Reputation: 31
So I have this txt file with elements and the year they were discovered like hydrogen 1766 helium 1868 and many more. I have to read the file and return a table of tables, represeting this information from the file something like this { { "Hydrogen", 1766 }, { "Helium", 1868 }, ... { "Bromine", 1825 }, { "Krypton", 1898 } } but what I have so far its just the name and the year right below it. I have this so far
function read_elements(f_name)
elements = {}
f_name = io.open('elements.txt')
for line in f_name:lines()do
for word in string.gmatch(line, "%w+") do
table.insert(elements,word)
end
end
for key,value in pairs(elements) do
print(value..",")
end
f_name:close()
end
I've been told to hold each pair in their own table and insert those tables into the larger table, but I really don't know what to do next or how to do it. please help
Upvotes: 0
Views: 1040
Reputation: 96
You are only creating one table, and inserting every found word into it. You need to be creating your main table, then building up an individual table of element and year and inserting that individual table into your main table.

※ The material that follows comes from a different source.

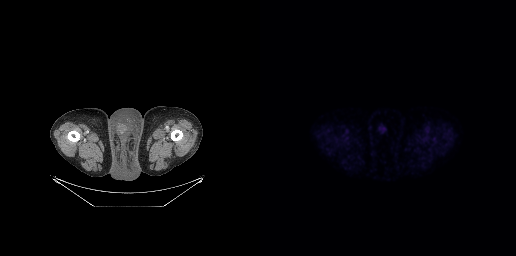
modality: PSMA PET/CT | tracer: 18F | view: axial
Negative for PSMA-avid disease on this slice.
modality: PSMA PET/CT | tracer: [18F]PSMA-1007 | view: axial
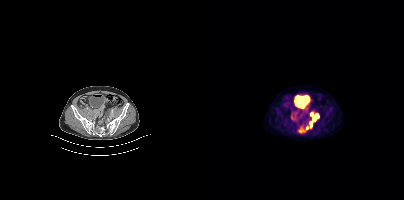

Assuming your file is of the format:
hydrogen 1766
helium 1868
...
i.e. one element per line, in your first for
statement of f_name:lines()
, you should be creating a new table, adding each word found (there will be two) to a new table and then adding that to your large table:
function read_elements(f_name)
local elements = {}
f_name = io.open('elements.txt')
for line in f_name:lines()do
local element = {}
for word in string.gmatch(line, "%w+") do
table.insert(element,word)
end
table.insert (elements, element)
end
f_name:close()
for _, element in ipairs (elements) do
for element, year in ipairs (element) do
print (element, year)
end
end
return (elements)
end
If your text file is of a different format (possibly just a sequential list, you'll probably want to investigate setting/unsetting a boolean flag every other word on the assumption that each other word is always the year or the element.